Why on earth would anyone propose this? A new report by transparency group MAPLight.org shows that sponsors of this bill — led by Rep. John Conyers — received twice as much money from the publishing industry as those on the relevant committee who are not sponsors.
This is exactly the kind of money-for-influence scheme that constantly happens behind our backs and erodes the public’s trust in government.
Yesterday Conyers struck back. Here’s the part that made me crack up. The last sentence is the funny one:
… on the narrow merits of the issue, Professor Lessig and proponents of “open access” make a credible argument that requiring open publishing of government-funded research information furthers scientific inquiry. They speak out for important values and I respect their position.
While this approach appears to further and enhance access to scientific works, opponents argue that, in reality, it reverses a long-standing and highly successful copyright policy for federally-funded work and sets a precedent that will have significant negative consequences for scientific research.

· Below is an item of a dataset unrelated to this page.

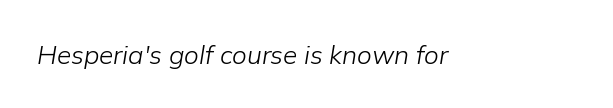
{"italic": "yes", "lean": "right", "slant_degrees": 9, "bold": "no", "underline": "no", "letter_spacing": "normal", "letter_spacing_em": 0.0, "glyph_px": 26}
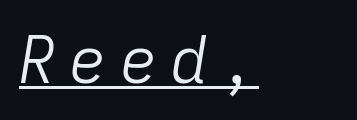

These opponents argue that scientific journals expend their own, non-federal resources to manage the peer review process, where experts review academic publications. This process is critical because it provides the quality check against incorrect, reckless, and fraudulent science and furthers the overall quality and vigor of modern scientific debate. Journal publishers organize and pay for peer review with the proceeds they receive from the sale of subscriptions to their journals, thereby adding considerable value to the original manuscripts of research scientists.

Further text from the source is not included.